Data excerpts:
[Start of section]
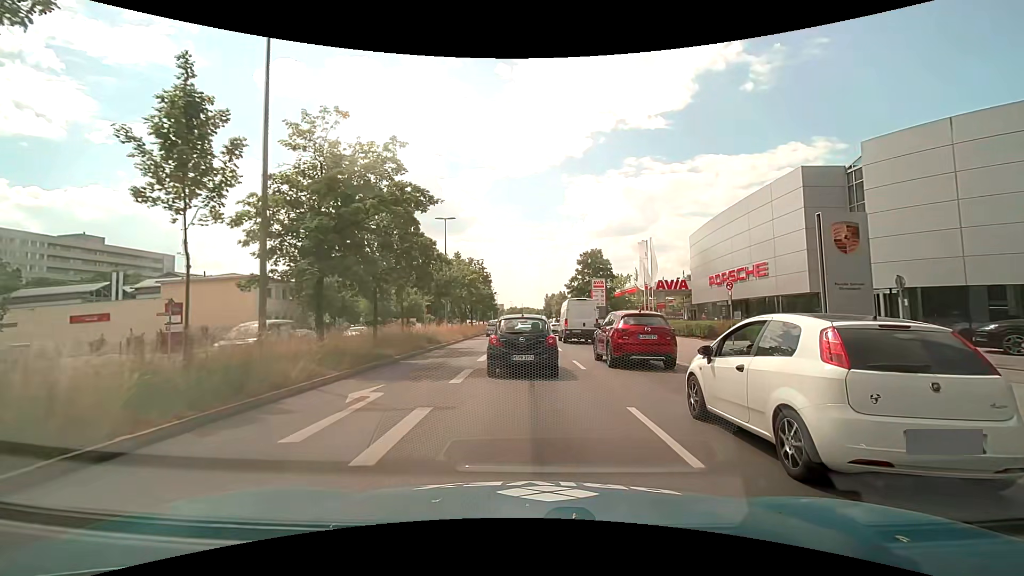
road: primary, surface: asphalt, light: Day
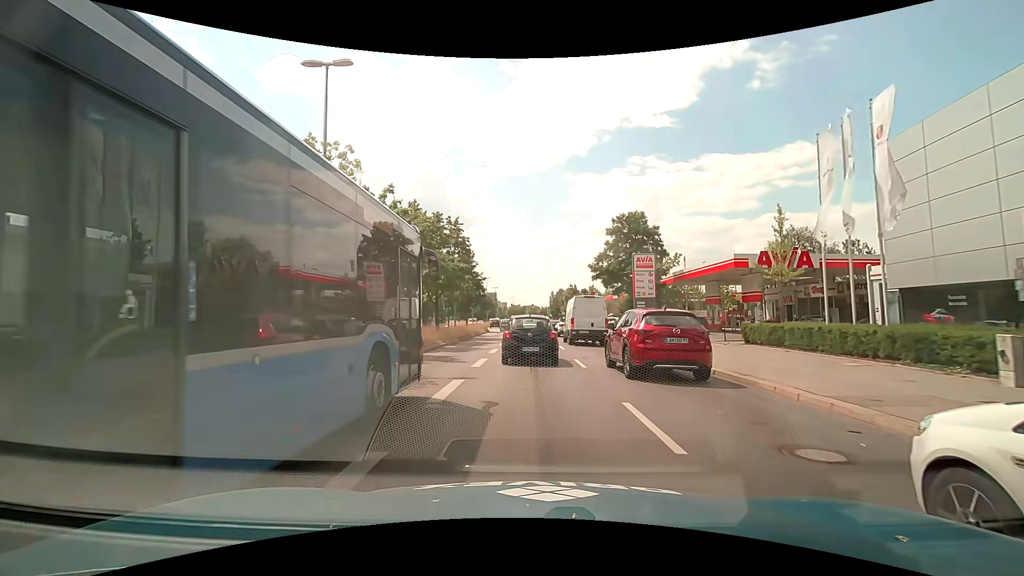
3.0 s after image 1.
(-0.1, +26.9) m; 0°
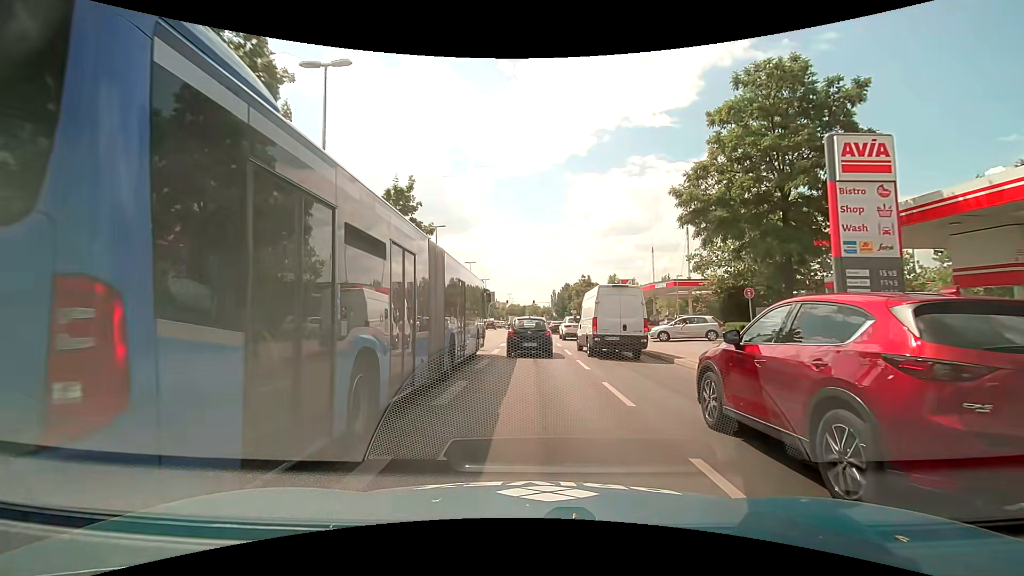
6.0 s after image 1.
(-0.2, +30.2) m; 0°
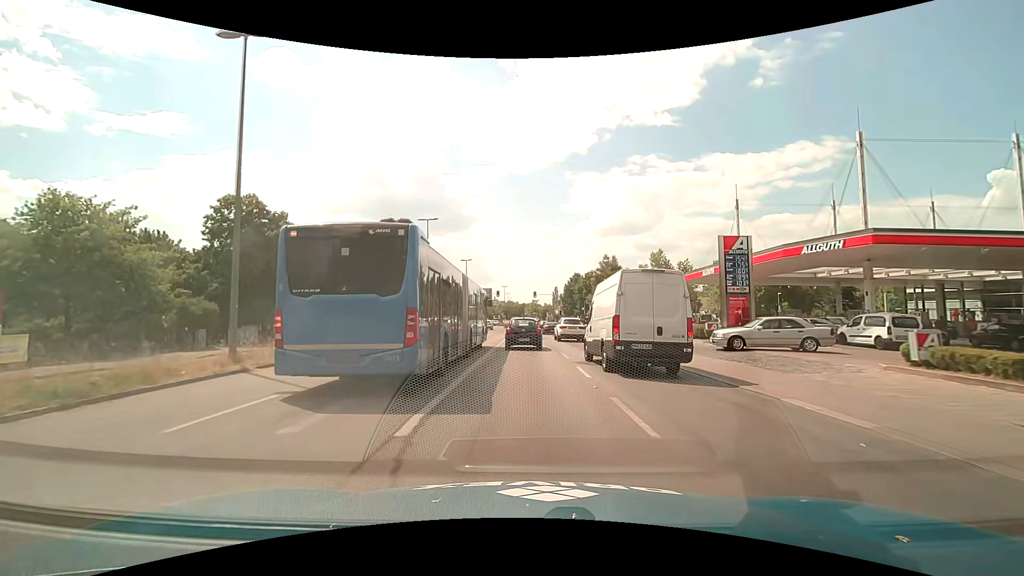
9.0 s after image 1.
(-0.4, +32.3) m; 0°
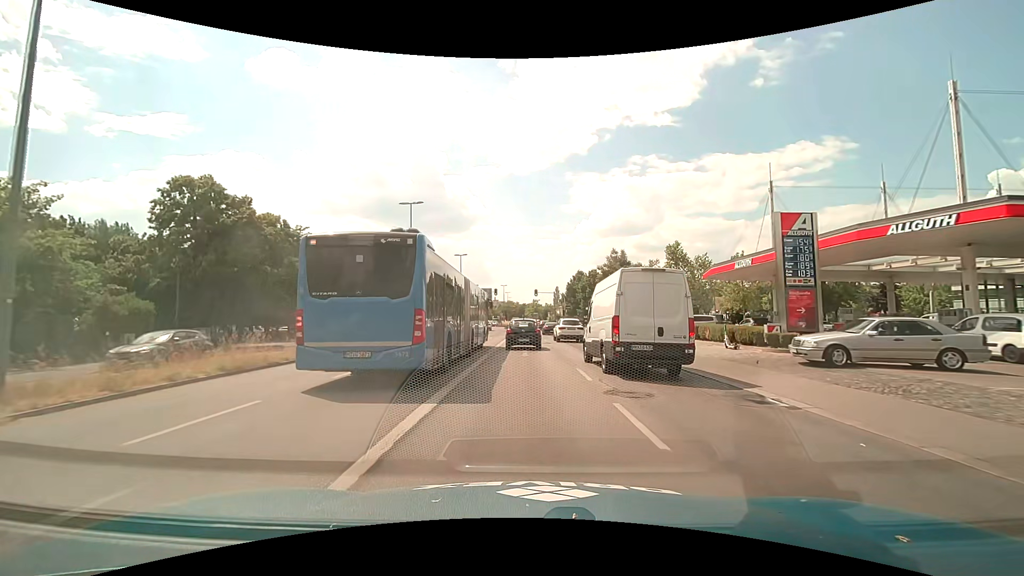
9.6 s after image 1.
(-0.1, +6.6) m; 0°
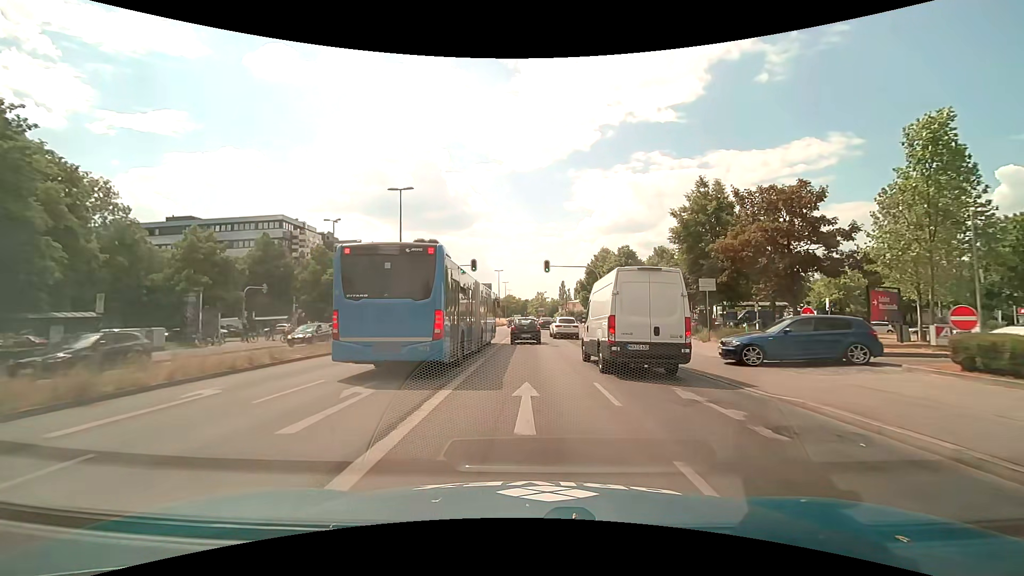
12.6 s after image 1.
(-0.3, +33.5) m; -1°
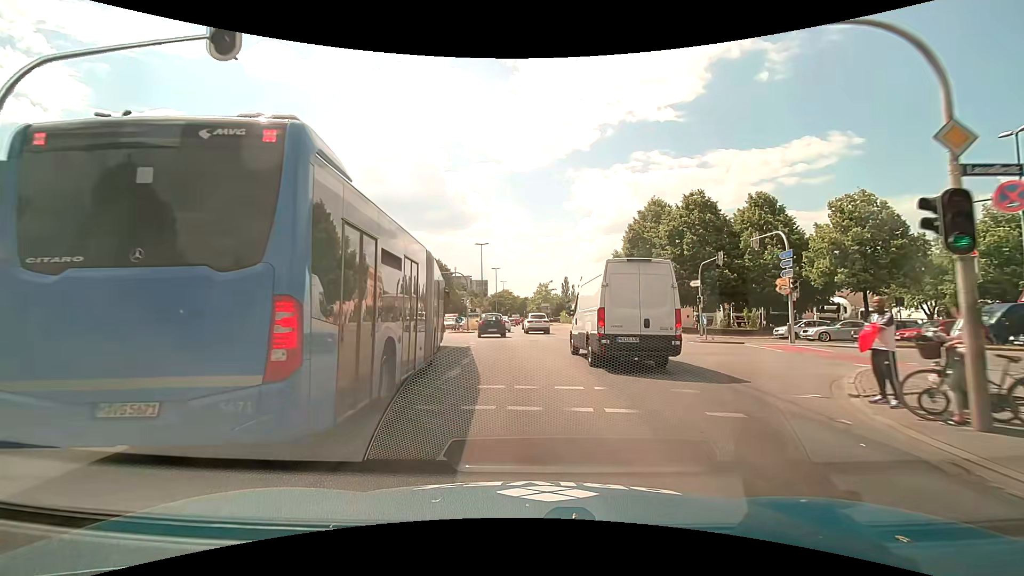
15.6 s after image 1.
(+0.1, +33.9) m; 0°
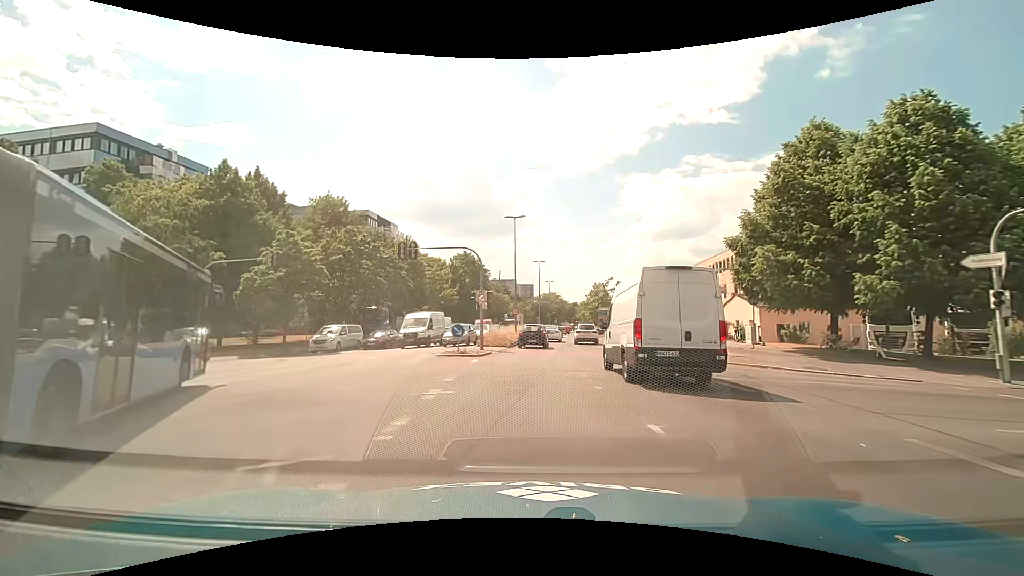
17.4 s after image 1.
(-0.6, +20.3) m; -5°
(0, +10) (0, +20) (0, +30) (+1, +40) (+2, +50) (+3, +60) (+4, +70) (+4, +80) (+5, +90) (+6, +100) m
[End of section]
What is needed — Quote every record above exactly, leaving out any pictures.

Written answer —
road: primary, surface: asphalt, light: Day
3.0 s after image 1.
(-0.1, +26.9) m; 0°
6.0 s after image 1.
(-0.2, +30.2) m; 0°
9.0 s after image 1.
(-0.4, +32.3) m; 0°
9.6 s after image 1.
(-0.1, +6.6) m; 0°
12.6 s after image 1.
(-0.3, +33.5) m; -1°
15.6 s after image 1.
(+0.1, +33.9) m; 0°
17.4 s after image 1.
(-0.6, +20.3) m; -5°
(0, +10) (0, +20) (0, +30) (+1, +40) (+2, +50) (+3, +60) (+4, +70) (+4, +80) (+5, +90) (+6, +100) m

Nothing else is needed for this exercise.